Clinton lost no time, attacking Palin moments after John McCain delivered his presidential acceptance speech in St Paul, Minnesota, last week. Reporters’ BlackBerrys buzzed with her verdict. “No way, no how, no McCain-Palin,” she said.
Officially, Clinton will not go head-to-head with Palin, a self-proclaimed hockey mom and “pitbull in lipstick”.
The Obama camp wants to keep the focus on McCain’s supposed continuation of the Bush years and his skimpy policies for reviving the economy and improving healthcare, rather than on his running mate.
Nor does Clinton want to appear ungenerous to the Republicans’ first female vice-presidential candidate, even if she does resent Palin’s startling emergence.
A Clinton insider, said: “We’re not going to be anybody’s attack dog against Sarah Palin.” The New York senator, 60, knows, however, that Palin represents the biggest obstacle to Democratic victory in November.
A prominent Democratic strategist, Tad Devine, said: “The strategic imperative right now is to do something about Palin and prevent her cutting through the race.

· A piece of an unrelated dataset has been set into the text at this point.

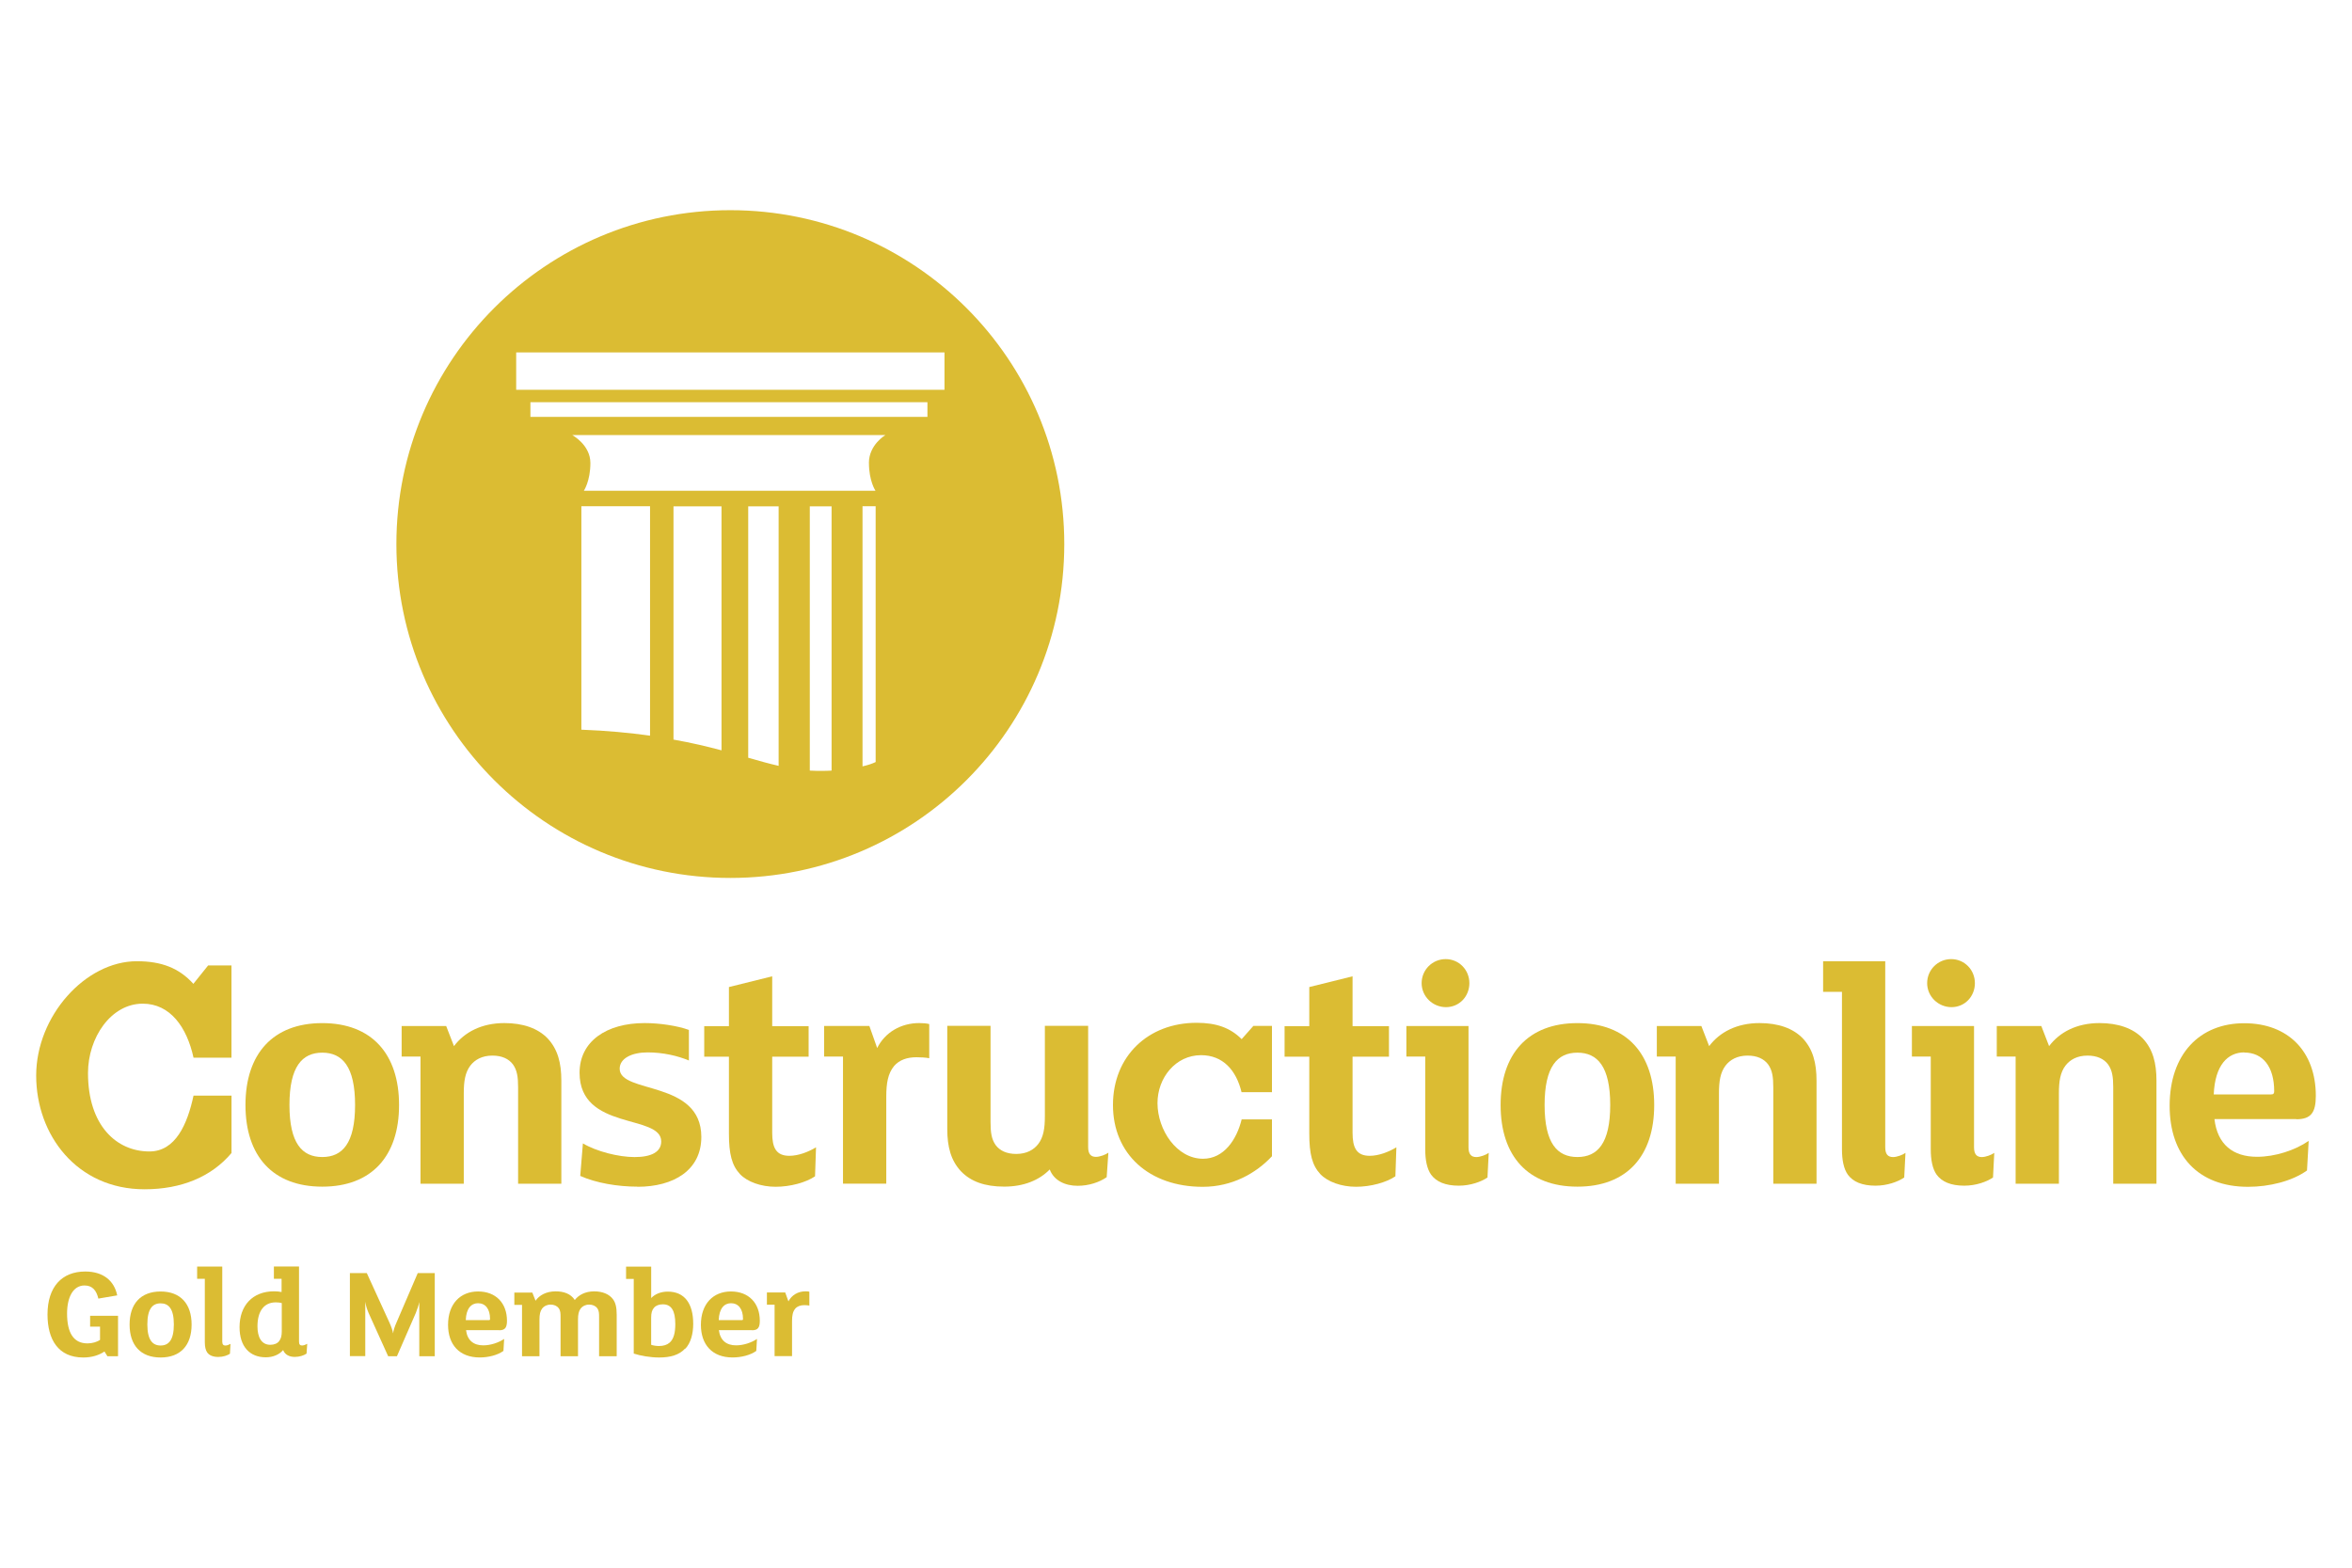 <svg xmlns="http://www.w3.org/2000/svg" id="a" viewBox="0 0 600 400"><defs><style>.b{fill:#dbbc33;}</style></defs><path class="b" d="M186.31,53.63c-47.04,0-85.19,38.14-85.19,85.19s38.14,85.19,85.19,85.19,85.19-38.14,85.19-85.19-38.14-85.19-85.19-85.19ZM165.83,187.71c-5.06-.71-10.86-1.28-17.52-1.53v-57.02h17.52v58.55ZM184.06,191.45c-3.6-.96-7.59-1.92-12.25-2.74v-59.51h12.25v62.25ZM198.63,195.41c-2.49-.57-5.02-1.28-7.76-2.07v-64.14h7.76v66.24-.04ZM212.13,196.62c-.71.04-1.46.07-2.24.07-1.14,0-2.24,0-3.31-.07v-67.42h5.56v67.42ZM223.38,194.44c-.82.39-1.92.78-3.35,1.1v-66.38h3.35v65.28ZM221.67,118.13c0,4.63,1.67,7.09,1.67,7.09h-74.4s1.67-2.46,1.67-7.09-4.63-7.12-4.63-7.12h79.88s-4.2,2.46-4.2,7.12ZM236.59,106.37h-101.28v-3.74h101.28s0,3.74,0,3.74ZM240.94,99.46h-109.26v-9.54h109.26v9.54Z"></path><path class="b" d="M59.06,269.87h-9.69c-1.71-7.8-5.95-13.78-12.96-13.78-8.12,0-13.96,8.69-13.96,17.7,0,13.43,7.3,20.01,15.67,20.01,6.66,0,9.69-6.98,11.25-14.25h9.69v14.64c-5.09,6.05-12.75,9.26-22.19,9.26-17.24,0-27.64-13.85-27.64-29.02s12.54-29.17,25.68-29.17c6.3,0,10.79,1.75,14.42,5.77l3.77-4.7h5.95v23.54Z"></path><path class="b" d="M82.21,302.78c-12.61,0-19.59-7.8-19.59-20.83s6.98-20.9,19.59-20.9,19.59,7.87,19.59,20.9-6.98,20.83-19.59,20.83ZM82.21,268.59c-5.13,0-8.37,3.56-8.37,13.35s3.24,13.28,8.37,13.28,8.37-3.49,8.37-13.28-3.24-13.35-8.37-13.35Z"></path><path class="b" d="M143.21,302.03h-11.04v-24.57c0-2.67-.25-4.38-1.32-5.88-1.07-1.42-2.81-2.24-5.24-2.24-2.67,0-4.49,1.07-5.63,2.56-1.32,1.75-1.67,3.99-1.67,7.05v23.08h-11.04v-32.44h-4.81v-7.8h11.36l1.99,5.13c2.67-3.56,7.05-5.88,12.86-5.88,4.74,0,8.55,1.32,11.04,3.92,2.56,2.74,3.49,6.23,3.49,10.79v26.32-.04Z"></path><path class="b" d="M162.62,302.78c-5.06,0-10.54-.93-14.6-2.74l.68-8.3c3.49,2.07,9.12,3.49,13.18,3.49,4.31,0,6.8-1.32,6.8-3.99,0-7.05-20.83-2.67-20.83-17.52,0-7.98,6.8-12.68,16.6-12.68,3.81,0,8.37.68,11.29,1.75v7.8c-2.81-1.18-6.55-2.07-10.54-2.07s-7.12,1.5-7.12,4.17c0,6.48,20.83,2.81,20.83,17.41,0,8.48-7.05,12.71-16.28,12.71v-.04Z"></path><path class="b" d="M207.92,300.14c-2.31,1.57-6.3,2.67-10.04,2.67s-7.23-1.25-9.12-3.24c-2.07-2.24-2.81-5.13-2.81-10.36v-19.59h-6.3v-7.8h6.3v-9.97l11.04-2.74v12.71h9.29v7.8h-9.29v19.41c0,3.81,1,5.88,4.38,5.88,2.31,0,4.88-1,6.8-2.17l-.25,7.37v.04Z"></path><path class="b" d="M237.05,270.01c-.82-.18-2.24-.25-3.24-.25-2.42,0-4.38.68-5.73,2.24-1.57,1.92-1.99,4.38-1.99,7.87v22.15h-11.04v-32.44h-4.81v-7.8h11.54l1.99,5.63c1.99-3.99,6.05-6.37,10.72-6.37,1,0,1.82.07,2.56.25,0,0,0,8.73,0,8.73Z"></path><path class="b" d="M282.28,300.39c-1.82,1.25-4.49,2.17-7.37,2.17-3.17,0-6.05-1.32-7.12-4.17-2.67,2.74-6.62,4.38-11.61,4.38s-8.55-1.32-11.04-3.92c-2.56-2.74-3.49-6.23-3.49-10.79v-26.32h11.04v24.57c0,2.67.25,4.38,1.32,5.88,1.07,1.42,2.81,2.24,5.24,2.24,2.67,0,4.49-1.07,5.63-2.56,1.32-1.75,1.67-3.99,1.67-7.05v-23.08h11.04v30.95c0,1.75.68,2.49,1.99,2.49,1,0,2.49-.57,3.17-1.07l-.43,6.23-.04.04Z"></path><path class="b" d="M324.45,278.67h-7.73c-1.35-5.59-4.74-9.44-10.33-9.44-6.48,0-11.11,5.77-11.11,12.22,0,6.87,4.91,14.21,11.61,14.21,5.31,0,8.58-4.84,9.86-10.04h7.73v9.4c-4.06,4.34-10.15,7.8-17.66,7.8-13.71,0-22.9-8.4-22.9-20.87s8.97-20.98,21.33-20.98c5.02,0,8.58,1.25,11.5,4.17l2.99-3.38h4.74v16.92h-.04Z"></path><path class="b" d="M355.97,300.14c-2.31,1.57-6.3,2.67-10.04,2.67s-7.23-1.25-9.12-3.24c-2.07-2.24-2.81-5.13-2.81-10.36v-19.59h-6.3v-7.8h6.3v-9.97l11.04-2.74v12.71h9.29v7.8h-9.29v19.41c0,3.81,1,5.88,4.38,5.88,2.31,0,4.88-1,6.8-2.17l-.25,7.37v.04Z"></path><path class="b" d="M379.43,300.46c-1.57,1.07-4.31,2.07-7.3,2.07-3.42,0-5.73-1-7.05-2.81-1.07-1.5-1.5-3.81-1.5-6.48v-23.65h-4.81v-7.8h15.85v30.95c0,1.75.68,2.49,1.99,2.49,1,0,2.49-.57,3.17-1.07l-.32,6.3h-.04ZM368.89,256.98c-3.42,0-6.23-2.74-6.23-6.13s2.74-6.13,6.13-6.13,6.05,2.74,6.05,6.13-2.56,6.13-5.98,6.13h.04Z"></path><path class="b" d="M402.4,302.78c-12.61,0-19.59-7.8-19.59-20.83s6.98-20.9,19.59-20.9,19.59,7.87,19.59,20.9-6.98,20.83-19.59,20.83ZM402.4,268.59c-5.13,0-8.37,3.56-8.37,13.35s3.24,13.28,8.37,13.28,8.37-3.49,8.37-13.28-3.24-13.35-8.37-13.35Z"></path><path class="b" d="M463.41,302.03h-11.04v-24.57c0-2.67-.25-4.38-1.32-5.88-1.07-1.42-2.81-2.24-5.24-2.24-2.67,0-4.49,1.07-5.63,2.56-1.32,1.75-1.67,3.99-1.67,7.05v23.08h-11.04v-32.44h-4.81v-7.8h11.36l1.99,5.13c2.67-3.56,7.05-5.88,12.86-5.88,4.74,0,8.55,1.32,11.04,3.92,2.56,2.74,3.49,6.23,3.49,10.79v26.32-.04Z"></path><path class="b" d="M485.74,300.46c-1.57,1.07-4.31,2.07-7.3,2.07-3.42,0-5.73-1-7.05-2.81-1.07-1.5-1.5-3.81-1.5-6.48v-40.17h-4.81v-7.8h15.85v47.47c0,1.75.68,2.49,1.99,2.49,1,0,2.49-.57,3.17-1.07l-.32,6.3h-.04Z"></path><path class="b" d="M508.39,300.46c-1.57,1.07-4.31,2.07-7.3,2.07-3.42,0-5.73-1-7.05-2.81-1.07-1.5-1.5-3.81-1.5-6.48v-23.65h-4.81v-7.8h15.85v30.95c0,1.75.68,2.49,1.99,2.49,1,0,2.49-.57,3.17-1.07l-.32,6.3h-.04ZM497.85,256.98c-3.42,0-6.23-2.74-6.23-6.13s2.74-6.13,6.13-6.13,6.05,2.74,6.05,6.13-2.56,6.13-5.98,6.13h.04Z"></path><path class="b" d="M550.13,302.03h-11.04v-24.57c0-2.67-.25-4.38-1.32-5.88-1.07-1.42-2.81-2.24-5.24-2.24-2.67,0-4.49,1.07-5.63,2.56-1.32,1.75-1.67,3.99-1.67,7.05v23.08h-11.04v-32.44h-4.81v-7.8h11.36l1.99,5.13c2.67-3.56,7.05-5.88,12.86-5.88,4.74,0,8.55,1.32,11.04,3.92,2.56,2.74,3.49,6.23,3.49,10.79v26.32-.04Z"></path><path class="b" d="M585.81,285.54h-20.9c.75,6.48,4.74,9.62,10.86,9.62,4.63,0,9.72-1.67,13.18-4.06l-.43,7.55c-3.81,2.74-9.62,4.17-15.03,4.17-12.86,0-20.01-8.12-20.01-20.66,0-13.28,7.73-21.08,19.02-21.08s18.27,7.3,18.27,18.52c0,4.31-1.25,5.98-4.99,5.98l.04-.04ZM572.53,268.52c-4.24,0-7.48,3.24-7.8,10.72h14.67c.57,0,.75-.25.75-.82,0-6.3-2.92-9.86-7.62-9.86v-.04Z"></path><path class="b" d="M30.07,346.05h-2.67l-.75-1.21c-1.42.96-3.24,1.53-5.41,1.53-6.41,0-9.12-4.63-9.12-10.97,0-7.09,3.7-10.97,9.62-10.97,4.63,0,7.41,2.39,8.16,6.09l-4.81.82c-.46-1.96-1.42-3.35-3.53-3.35-2.92,0-4.45,3.03-4.45,7.16,0,4.84,1.6,7.62,5.2,7.62,1.25,0,2.42-.36,3.21-.89v-3.38h-2.53v-2.78h7.12v10.29l-.04.04Z"></path><path class="b" d="M40.97,346.37c-5.09,0-7.91-3.13-7.91-8.4s2.81-8.44,7.91-8.44,7.91,3.17,7.91,8.44-2.81,8.4-7.91,8.4ZM40.97,332.55c-2.07,0-3.38,1.42-3.38,5.38s1.32,5.38,3.38,5.38,3.38-1.39,3.38-5.38-1.32-5.38-3.38-5.38Z"></path><path class="b" d="M58.67,345.41c-.64.43-1.75.82-2.96.82-1.35,0-2.31-.39-2.85-1.14-.43-.61-.61-1.53-.61-2.6v-16.2h-1.96v-3.13h6.41v19.16c0,.71.28,1,.82,1,.39,0,1-.25,1.28-.43,0,0-.14,2.53-.14,2.53Z"></path><path class="b" d="M78.22,345.37c-.75.5-1.85.85-3.03.85-1.28,0-2.49-.5-2.96-1.75-.96,1.14-2.56,1.85-4.42,1.85-4.17,0-6.7-2.81-6.7-7.69,0-5.48,3.28-9.15,8.83-9.15.64,0,1.32.07,1.89.18v-3.38h-1.96v-3.13h6.41v19.16c0,.71.25,1,.78,1,.39,0,1.03-.25,1.32-.43,0,0-.18,2.49-.18,2.49ZM71.88,332.48c-.36-.11-.93-.18-1.53-.18-2.99,0-4.67,2.24-4.67,6.13,0,2.67.96,4.7,3.28,4.7,1,0,1.82-.36,2.24-.93.5-.64.68-1.39.68-2.53v-7.19Z"></path><path class="b" d="M110.91,346.05h-3.95v-13.85c-.11.71-.61,2.1-.89,2.81l-4.81,11.04h-2.24l-4.99-11.04c-.36-.82-.71-1.89-.85-2.88v13.89h-3.92v-21.19h4.31l5.8,12.68c.39.85.85,2.14.89,2.64h.04c0-.46.43-1.82.82-2.64l5.45-12.68h4.34v21.23Z"></path><path class="b" d="M127.33,339.39h-8.44c.32,2.6,1.92,3.88,4.38,3.88,1.89,0,3.92-.68,5.34-1.64l-.18,3.06c-1.53,1.1-3.88,1.67-6.05,1.67-5.2,0-8.08-3.28-8.08-8.33,0-5.34,3.13-8.51,7.66-8.51s7.37,2.96,7.37,7.48c0,1.75-.5,2.42-1.99,2.42v-.04ZM121.95,332.52c-1.71,0-3.03,1.32-3.13,4.31h5.91c.25,0,.28-.11.28-.32,0-2.53-1.18-3.99-3.06-3.99Z"></path><path class="b" d="M157.28,346.05h-4.45v-9.9c0-1.03,0-1.75-.5-2.39-.43-.57-1.18-.89-2.03-.89-.93,0-1.71.39-2.17,1-.5.68-.68,1.53-.68,2.81v9.37h-4.45v-9.9c0-1.03,0-1.75-.5-2.39-.43-.57-1.18-.89-2.03-.89-.93,0-1.71.39-2.17,1-.5.68-.68,1.53-.68,2.81v9.37h-4.45v-13.11h-1.96v-3.13h4.59l.82,2.07c.93-1.35,2.67-2.39,5.13-2.39,2.07,0,3.85.61,4.88,2.21.96-1.25,2.64-2.21,4.95-2.21,2.17,0,3.88.75,4.81,2.03.64.89.93,2.03.93,3.92v10.58l-.04.04Z"></path><path class="b" d="M174.77,344.09c-1.5,1.64-3.74,2.28-6.62,2.28-2.21,0-4.74-.43-6.48-1v-19.05h-1.96v-3.13h6.41v8.01c.96-1,2.42-1.64,4.24-1.64,4.31,0,6.48,3.1,6.48,8.19,0,2.64-.64,4.88-1.99,6.37l-.07-.04ZM169.1,332.8c-.93,0-1.75.28-2.24.85-.53.57-.75,1.35-.75,2.56v6.91c.36.18,1.39.32,1.96.32,1.18,0,2.07-.28,2.74-.85,1.07-.93,1.46-2.56,1.46-4.77,0-3.42-1.03-5.02-3.17-5.02Z"></path><path class="b" d="M191.83,339.39h-8.44c.32,2.6,1.92,3.88,4.38,3.88,1.89,0,3.92-.68,5.34-1.64l-.18,3.06c-1.53,1.1-3.88,1.67-6.05,1.67-5.2,0-8.08-3.28-8.08-8.33,0-5.34,3.13-8.51,7.66-8.51s7.37,2.96,7.37,7.48c0,1.75-.5,2.42-1.99,2.42v-.04ZM186.48,332.52c-1.71,0-3.03,1.32-3.13,4.31h5.91c.25,0,.28-.11.28-.32,0-2.53-1.18-3.99-3.06-3.99Z"></path><path class="b" d="M206.5,333.12c-.32-.07-.89-.11-1.32-.11-.96,0-1.78.28-2.31.89-.64.78-.82,1.78-.82,3.17v8.94h-4.45v-13.11h-1.96v-3.13h4.67l.82,2.28c.82-1.6,2.46-2.56,4.31-2.56.39,0,.75,0,1.03.11v3.53h.04Z"></path></svg>

She is practising the same slash and burn politics of division of the Bush years. Hillary Clinton can make the charge that Governor Palin represents the far right.”
Palin has taken aim squarely at the 18m voters who preferred Clinton to Obama during the primary campaign. It is a delicate mission for the New York senator to persuade them, after all her harsh words, that Obama is the right candidate for president.
But attacking Palin represents an even more slippery challenge for Obama. At a fundraiser where diners paid $30,800 (£17,400) per plate at the house of the rock star Jon Bon Jovi on Friday – not the best place to compete with a frontier woman – he said: “We won’t be bullied, we’re not going to be smeared, we’re not going to be lied about. I don’t believe in coming second.”
For that he needs Clinton’s help more than he ever thought possible. Just before Palin’s selection, David Plouffe, Obama’s astute campaign manager, looked at the electoral map of America and declared the national polls less important than the 18 battleground states where Obama had the ground troops, enthusiasm and money to win.
Palin’s emergence has upset those calculations and forced the Obama campaign for the first time to reexamine its extraordinarily successful campaign tactics. Obama now has a great need to drive up voter turnout among black people and the young, while staunching defections to McCain from blue-collar workers and women.
Clinton has been asked to concentrate on the working-class districts of Ohio, Pennsylvania and Michigan, where Palin will be competing fiercely for votes, and Florida, where women and Jewish voters may reject the Alaska governor’s Christian, conservative, anti-abortion message.
Clinton, who has lived through the women’s movement, intends to frame the race in terms of a double-barrelled McCain-Palin threat to issues that women care about such as the right to an abortion, equal pay and universal healthcare, according to the Florida congresswoman Debbie Wasserman Schultz.
As such, she will be joining the roster of prominent women deployed by Obama to such good effect against Clinton herself during the primary campaign. Politicians such as Kathleen Sebelius, the governor of Kansas, Claire McCaskill, the Missouri senator, and Janet Napolitano, the governor of Arizona, have made the case that women could in good conscience vote for Obama rather than Clinton.
Now they are using the same tactics against Palin. Sebelius regards herself as every bit as authentically all-American as the governor of Alaska.
“I live in the American heartland. I don’t know of any mayor in any small town in Kansas who hires a lobbyist and goes after earmarks [congressional funding for projects] the way Sarah Palin did,” she said. If Clinton is uncertain about going for Palin’s jugular, she may like to recall the words of a woman delegate at the Republican convention who described Palin as “more of a woman than Hillary and more of a man than Hillary”.
If Clinton fails to stop her now, she could get trampled.